126480, August 10, 2001

415 Phil. 1

SECOND DIVISION
G.R. No. 126480, August 10, 2001

MARIA TIN @ MARIA TY @ MARIA DY, PETITIONER, VS.


PEOPLE
OF THE PHILIPPINES, RESPONDENT.

DECISION

QUISUMBING, J.:

This petition assails the decision of the Court of Appeals dated July 24, 1996, affirming the
decision of the Regional Trial Court of Manila, Branch 40, dated May 5, 1993, finding the
accused (now petitioner) Maria Tin @ “Maria Ty” @ “Maria Dy” guilty of estafa and
sentencing her to suffer imprisonment of six years and one day of prision mayor as minimum to
20 years of reclusion temporal as maximum and to pay the private complainant, Dr. Francisca
M. Santiago, the amount of P280,000.00 plus 12 percent interest per annum from the filing of
the information and P40,000.00 as attorney’s fees.

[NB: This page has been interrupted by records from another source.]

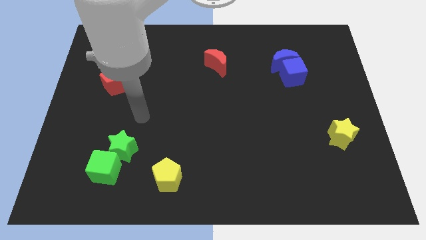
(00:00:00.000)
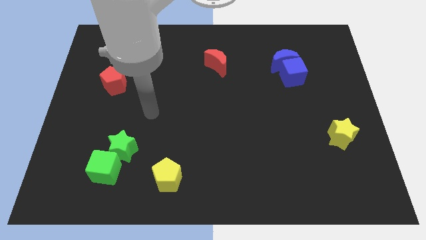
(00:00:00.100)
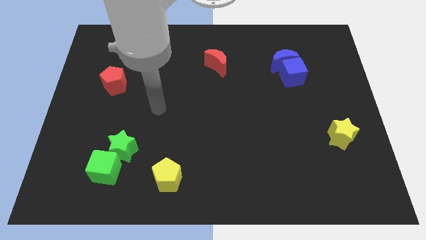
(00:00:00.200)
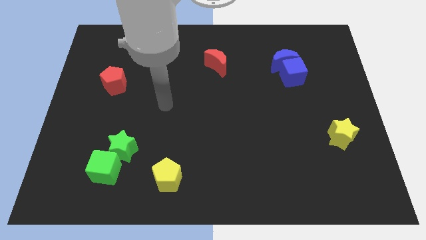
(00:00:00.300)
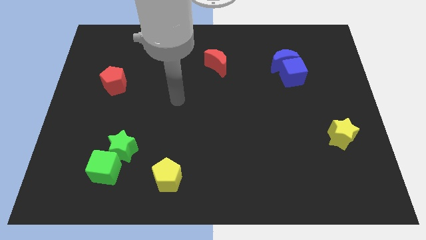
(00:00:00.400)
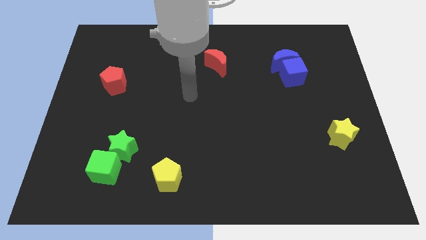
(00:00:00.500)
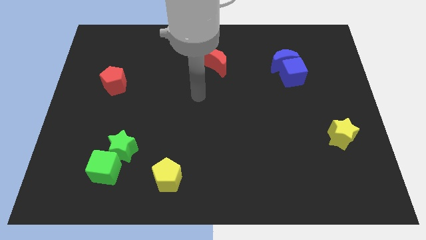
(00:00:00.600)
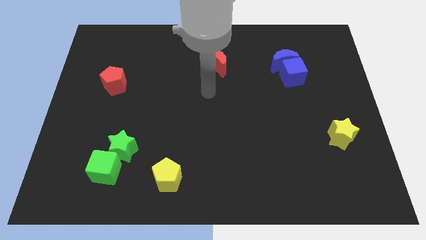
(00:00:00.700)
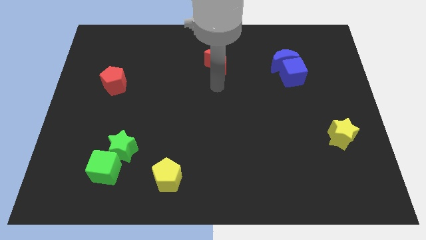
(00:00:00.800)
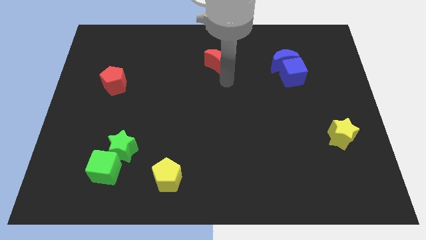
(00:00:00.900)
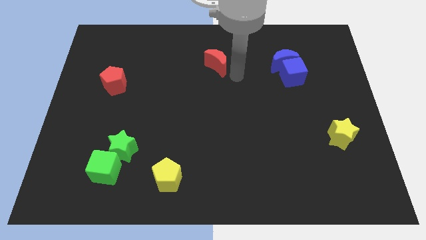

Petitioner was charged in an Information which reads:


That, on or about February 8, 1980, in the City of Manila, Philippines, the said
accused did then and there willfully, unlawfully and feloniously defraud one
FRANCISCA M. SANTIAGO in the following manner, to wit: the accused received
in trust from said Francisca M. Santiago several pieces of jewelry with an estimated
value of more than P220,000.00 as collateral to the loan in the amount of
P220,000.00 which the latter obtained from the accused, under the express
obligation of returning the said pieces of jewelry to said Francisca M. Santiago
immediately upon demand for redemption, but the said accused once in possession
of the said pieces of jewelry far from complying with her aforesaid obligation, failed
and refused, and still fails and refuses to do so despite repeated demands made upon
her to that effect and with intent to defraud the said accused denied having received
the said pieces of jewelry to the damage and prejudice of the said Francisca M.
Santiago.

CONTRARY TO LAW.[1]

On arraignment, petitioner pleaded not guilty.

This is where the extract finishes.